Synchronization barriers are useful for phased computations, in which threads executing the same code in parallel must all complete one phase before moving on to the next.
To create a synchronization barrier, call the InitializeSynchronizationBarrier function and specify a maximum number of threads and how many times a thread should spin before it blocks. Then launch the threads that will use the barrier. After each thread finishes its work, it calls EnterSynchronizationBarrier to wait at the barrier. The EnterSynchronizationBarrier function blocks each thread until the number of threads blocked in the barrier reaches the maximum thread count for the barrier, at which point EnterSynchronizationBarrier unblocks all the threads. The EnterSynchronizationBarrier function returns TRUE for exactly one of the threads that entered the barrier, and returns FALSE for all other threads.
To release a synchronization barrier when it is no longer needed, call DeleteSynchronizationBarrier. It is safe to call this function immediately after calling EnterSynchronizationBarrier because that function ensures that all threads have finished using the barrier before it is released.

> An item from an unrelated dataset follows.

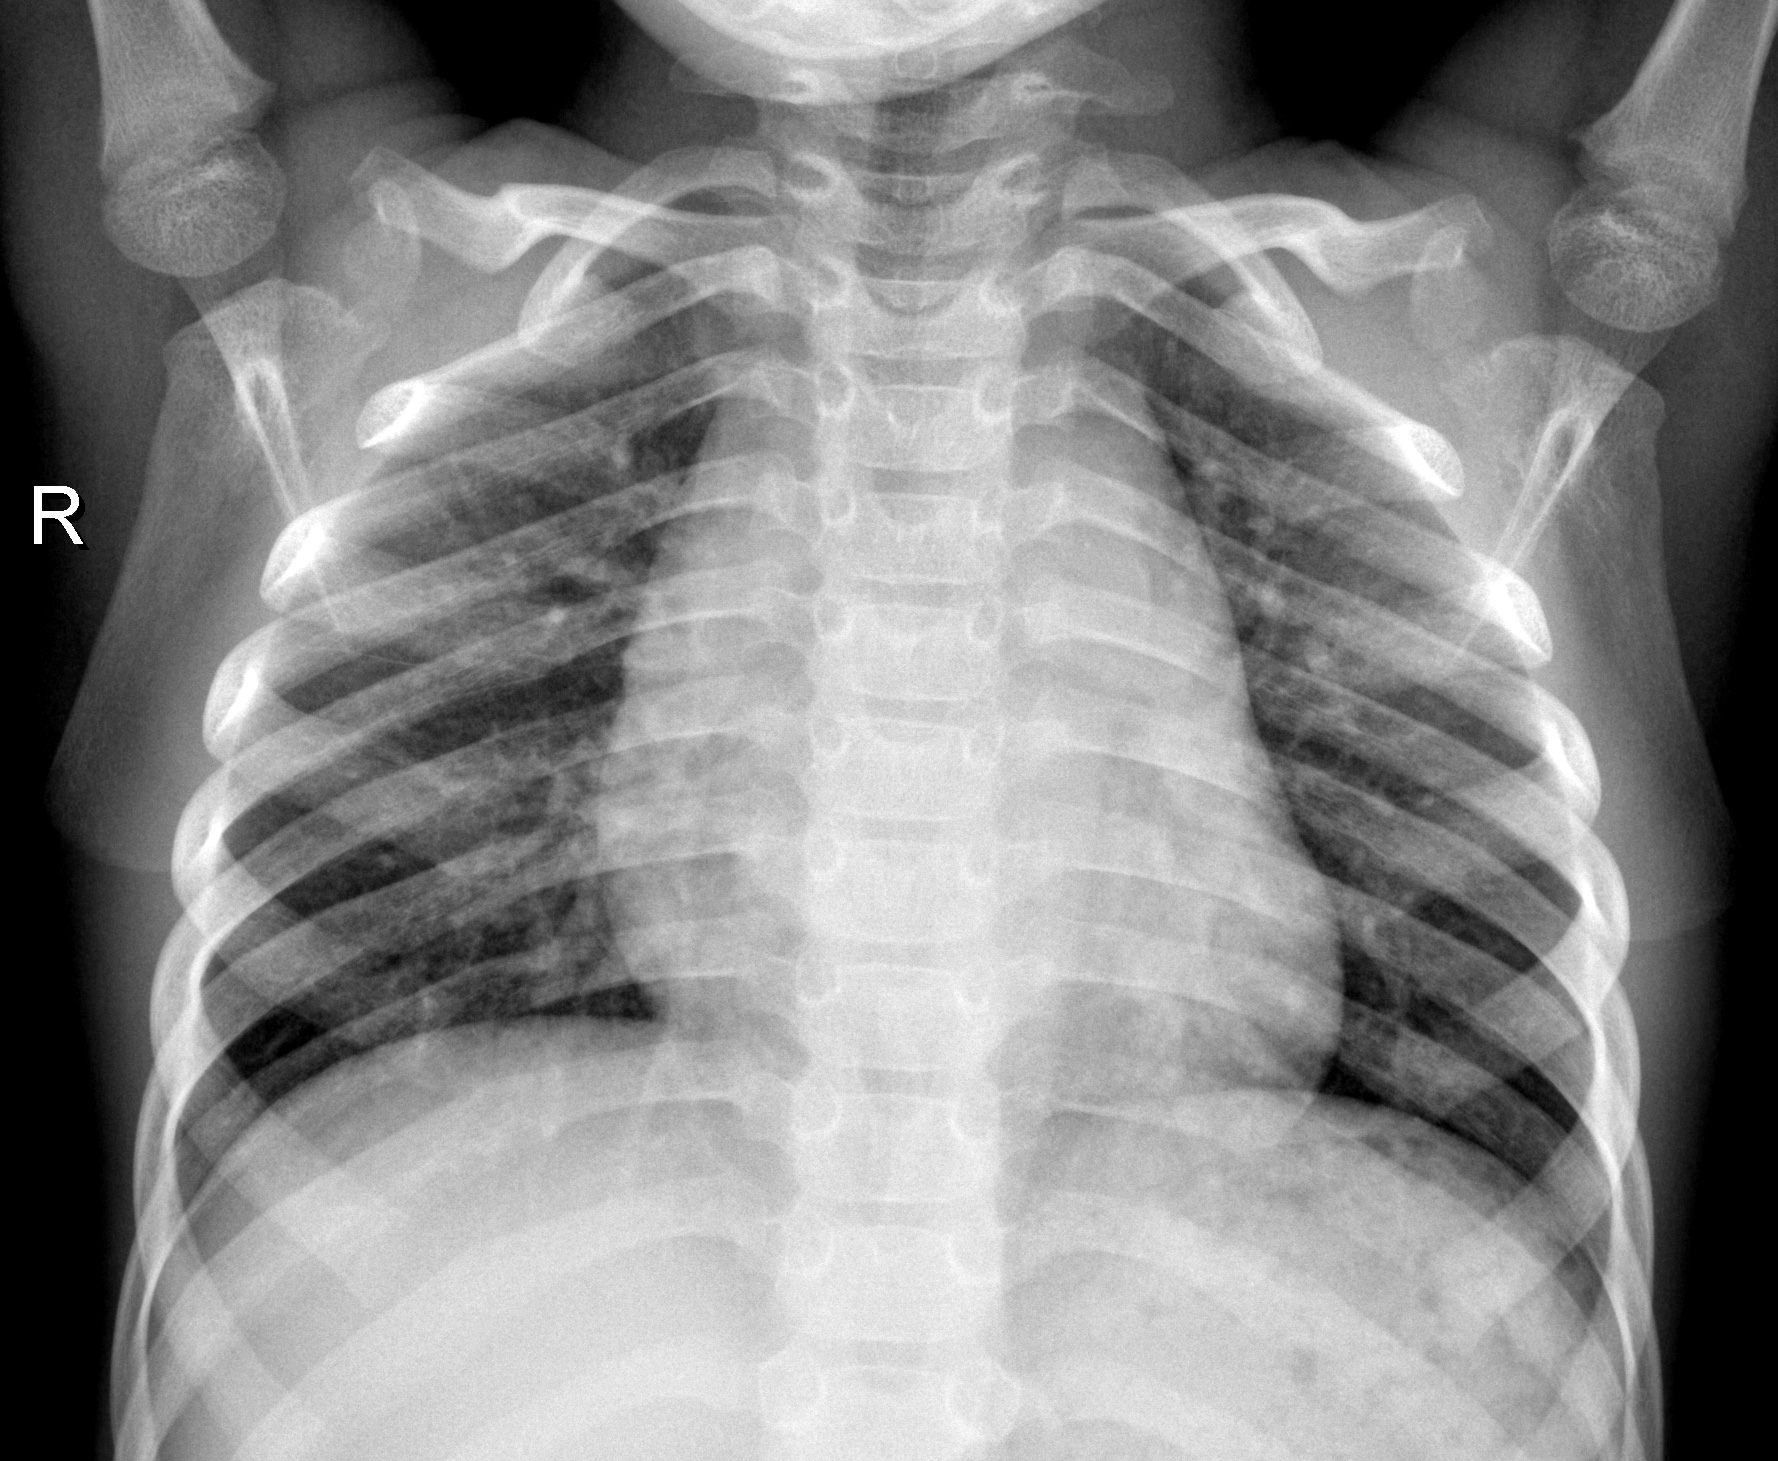
Diagnosis: NORMAL

If a synchronization barrier will never be deleted, threads can specify the SYNCHRONIZATION_BARRIER_FLAGS_NO_DELETE flag when they enter the barrier. All threads using the barrier must specify this flag; if any thread does not, the flag is ignored. This flag causes the function to skip the extra work required for deletion safety, which can improve performance. Note that deleting a barrier while this flag is in effect may result in an invalid handle access and one or more permanently blocked threads.